Vanguard: Vanguards use long weapons, like polearms and greatswords, and prefer to stay a bit farther from the enemy. After sprinting for a while, they can perform a deadly sprint attack that does massive damage and heavily puts the enemy off balance if the attack is blocked. Vanguards have a drawback in which they cannot use shields, unlike other classes.

Knight: Knights are the heaviest of all classes. They use large, two-handed weapons, such as the longsword and battleaxe. They can also use bigger shields than the other classes. Sacrificing speed for armor, they are the slowest class in the game, as they move very slowly and their attacks leave them open for longer periods of time than other classes. The unique skill of the Knight allows him to wield a main sword (but not the axes or hammers) in a single hand, use a shield, or increase his speed at the expense of base damage.

=== Primary Weapons ===
The four different classes use weapons mostly faithful to their medieval counterparts.

Archer: Archers use ranged weaponry like longbows, short bows, war bows, crossbows, light crossbows, heavy crossbows, javelins, short spears, heavy javelins, and slings.

Man-at-Arms: The light and nimble Man-at-Arms uses one-handed weaponry such as broadswords, Norse swords, falchions, hatchets, war axes, Dane axes, flanged axes, morning stars, quarter staffs, and holy water sprinklers.

Vanguard: Vanguards use two-handed weapons with a long reach, which include greatswords, claymores, zweihänders, thrusting spears, forks, brandistocks, bardiches, billhooks, halberds, and pole hammers.
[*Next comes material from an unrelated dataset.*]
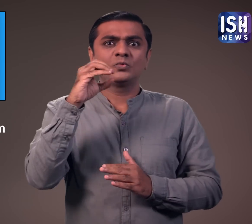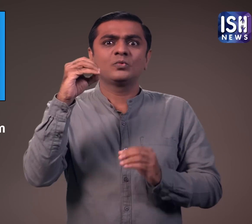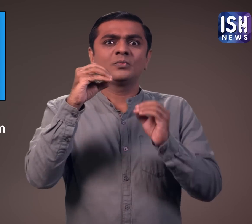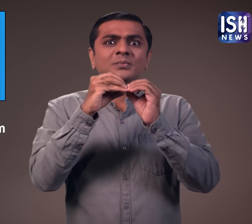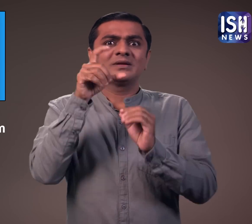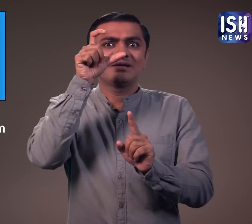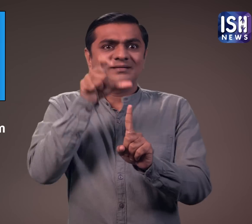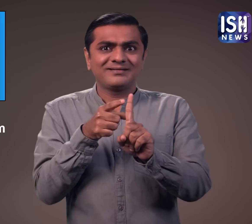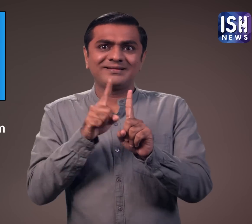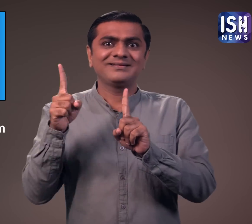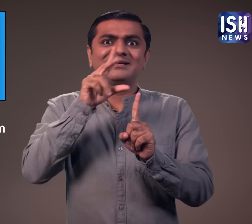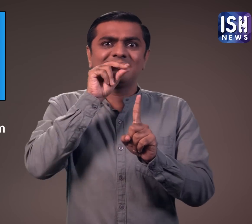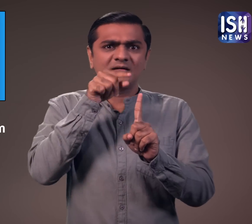पास होना चाहिए।
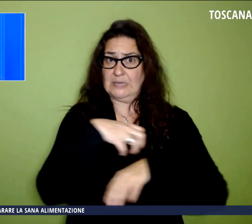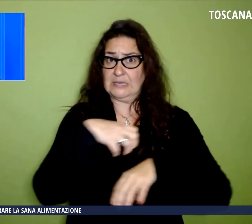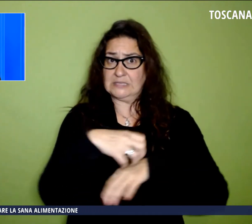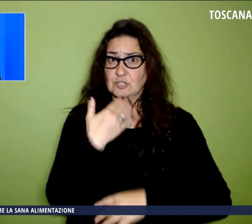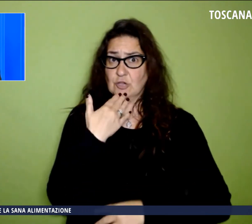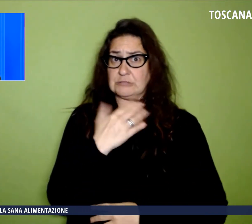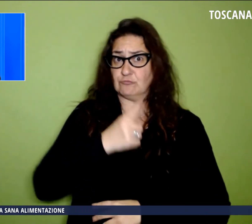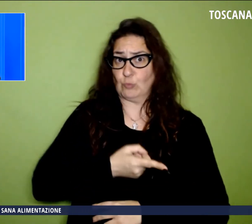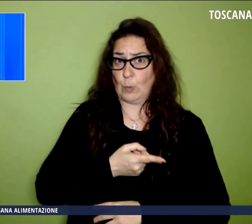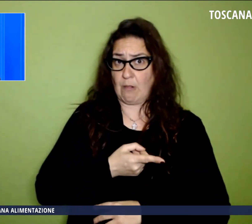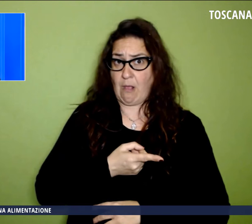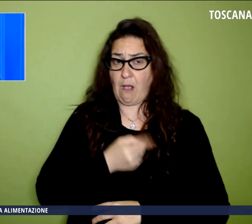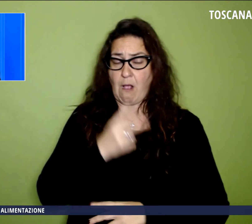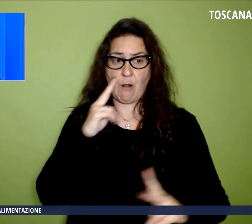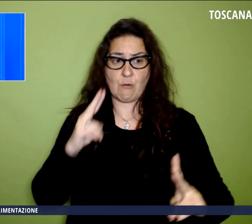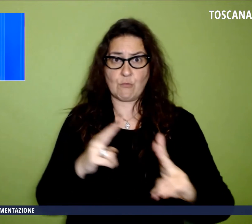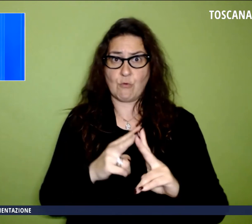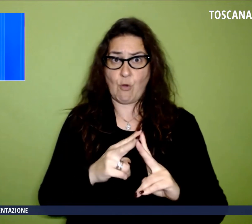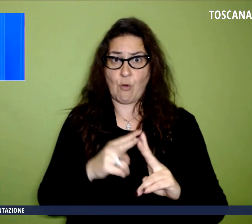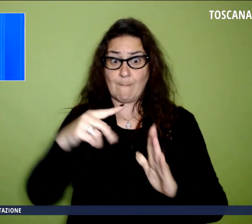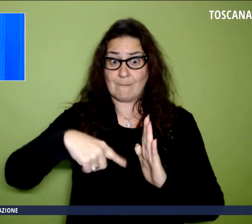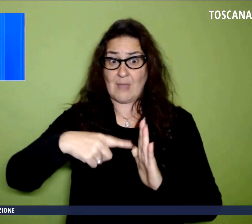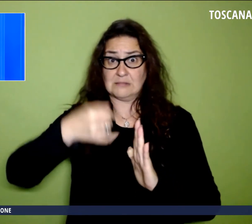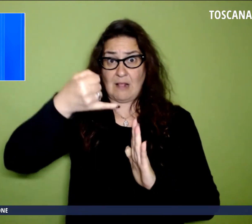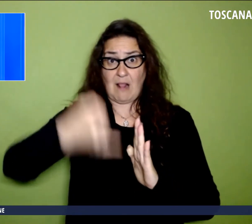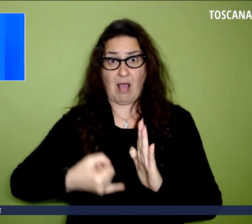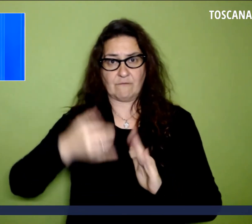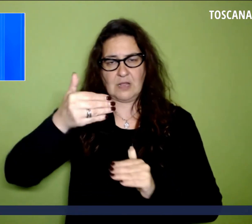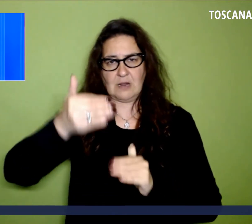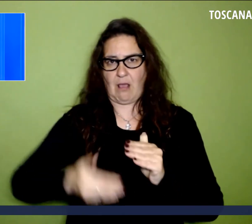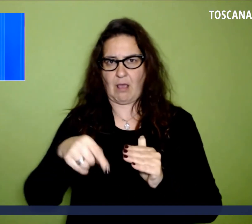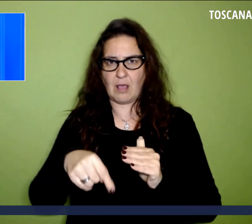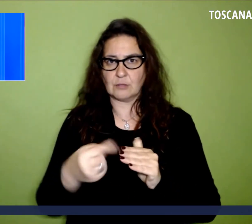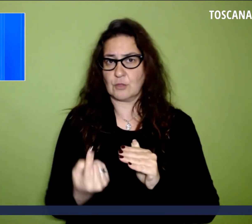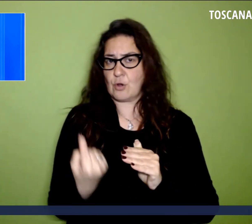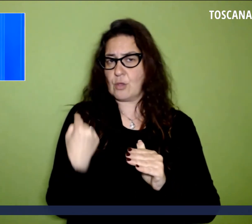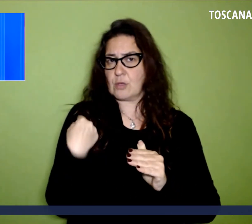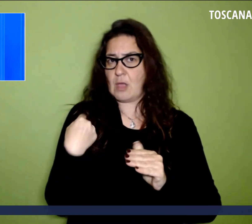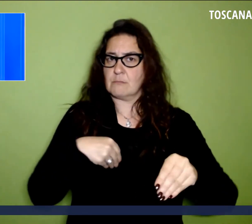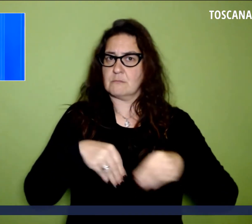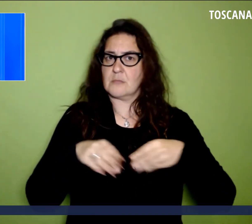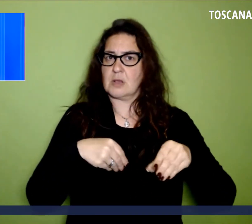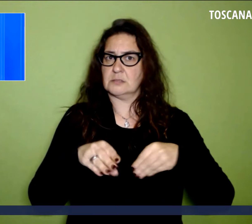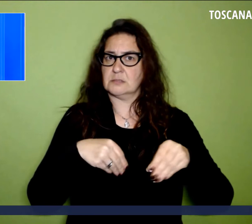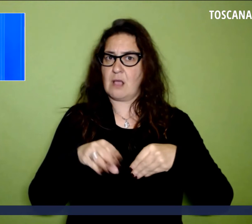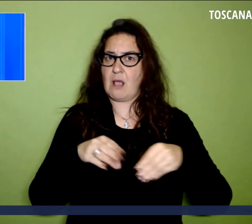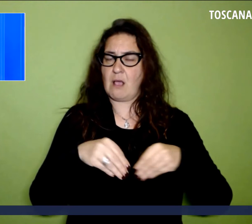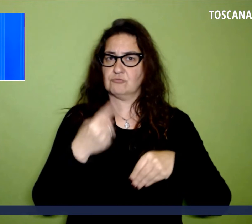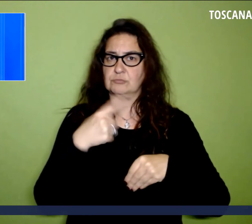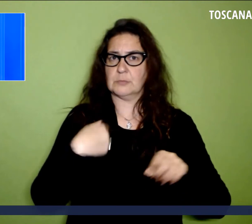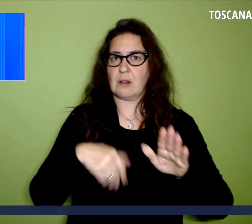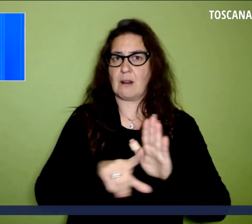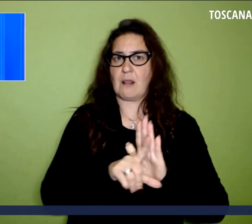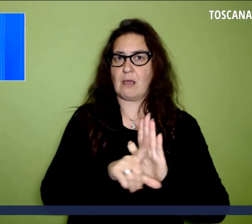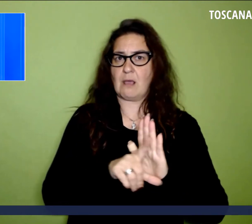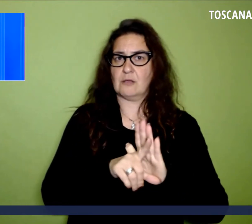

Knight: The heaviest class in the game uses strong and heavy weapons which hit slow and hard, e.g. flails, broadswords, war hammers, throwing axes, and war axes.

== Development ==
The game is based on the free Age of Chivalry mod for Half-Life 2. The developers revamped the combat system from the mod, making changes to both melee and ranged combat. Chivalry also features interactive environments and a "more intuitive" movement system, as well as new graphics and animations. The original mod was created using Half-Life 2s Source game engine, whereas Chivalry was developed with Unreal Engine. The game was first announced under the title Chivalry: Battle For Agatha on May 20, 2010, but has since changed its name to the current title. On September 15, 2012, Chivalry was successfully funded on Kickstarter.

== Reception ==

=== Critical reception ===

The game received generally favorable reviews with a Metacritic score of 79/100 based on 24 different critics. IGN gave it a 7.9/10, praising its medieval style ultra-violent multiplayer gameplay, but also mentioned that the game had a limited number of classes. AusGamers gave the game a 90/100 noting that the game's only downfalls were the lack of different environments and a few bugs. PC Gamer rated the game 81/100 noting "Chivalry is Quake to War of the Roses' Battlefield, and those seeking a faster-paced bloodier experience will undoubtedly prefer Chivalry's type of steel."

Aggregate score
| Aggregator | Score |
|---|---|
| Metacritic | PC: 79/100 PS4: 58/100 XONE: 51/100 |

Review scores
| Publication | Score |
|---|---|
| Destructoid | 8.5/10 |
| Eurogamer | 8/10 |
| GameTrailers | 8.6/10 |
| IGN | 7.9/10 |
| AusGamers | 9/10 |

=== Sales ===
In August 2013 it was announced that the game has sold 1.2 million copies. As of October 2014, the game has sold 2 million copies.

==Sequel==

A sequel, Chivalry 2, was announced on June 10, 2019 and was released on June 8, 2021. It was released on PC, PlayStation 4, PlayStation 5, Xbox One, and Xbox Series X/S, with cross-platform play supported on all platforms.